> Description of the task
Repeat each entry below exactly as it stands.

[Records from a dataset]
++++++
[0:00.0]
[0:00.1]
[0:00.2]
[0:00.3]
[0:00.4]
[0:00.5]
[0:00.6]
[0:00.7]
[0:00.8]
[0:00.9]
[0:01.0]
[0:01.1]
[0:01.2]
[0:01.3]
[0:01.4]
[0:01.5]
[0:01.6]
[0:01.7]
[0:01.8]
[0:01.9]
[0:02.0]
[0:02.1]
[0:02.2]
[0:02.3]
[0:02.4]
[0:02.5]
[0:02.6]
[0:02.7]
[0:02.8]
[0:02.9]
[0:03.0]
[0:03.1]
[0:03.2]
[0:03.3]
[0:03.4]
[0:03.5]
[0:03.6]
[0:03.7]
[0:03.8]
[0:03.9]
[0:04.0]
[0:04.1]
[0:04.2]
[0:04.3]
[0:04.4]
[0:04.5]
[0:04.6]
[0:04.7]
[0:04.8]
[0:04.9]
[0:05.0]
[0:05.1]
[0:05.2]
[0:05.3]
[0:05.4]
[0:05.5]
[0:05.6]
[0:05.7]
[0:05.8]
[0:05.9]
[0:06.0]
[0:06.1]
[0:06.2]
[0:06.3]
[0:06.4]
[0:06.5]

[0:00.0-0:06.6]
++++++
> Answer area
[0:00.0]
[0:00.1]
[0:00.2]
[0:00.3]
[0:00.4]
[0:00.5]
[0:00.6]
[0:00.7]
[0:00.8]
[0:00.9]
[0:01.0]
[0:01.1]
[0:01.2]
[0:01.3]
[0:01.4]
[0:01.5]
[0:01.6]
[0:01.7]
[0:01.8]
[0:01.9]
[0:02.0]
[0:02.1]
[0:02.2]
[0:02.3]
[0:02.4]
[0:02.5]
[0:02.6]
[0:02.7]
[0:02.8]
[0:02.9]
[0:03.0]
[0:03.1]
[0:03.2]
[0:03.3]
[0:03.4]
[0:03.5]
[0:03.6]
[0:03.7]
[0:03.8]
[0:03.9]
[0:04.0]
[0:04.1]
[0:04.2]
[0:04.3]
[0:04.4]
[0:04.5]
[0:04.6]
[0:04.7]
[0:04.8]
[0:04.9]
[0:05.0]
[0:05.1]
[0:05.2]
[0:05.3]
[0:05.4]
[0:05.5]
[0:05.6]
[0:05.7]
[0:05.8]
[0:05.9]
[0:06.0]
[0:06.1]
[0:06.2]
[0:06.3]
[0:06.4]
[0:06.5]

[0:00.0-0:06.6]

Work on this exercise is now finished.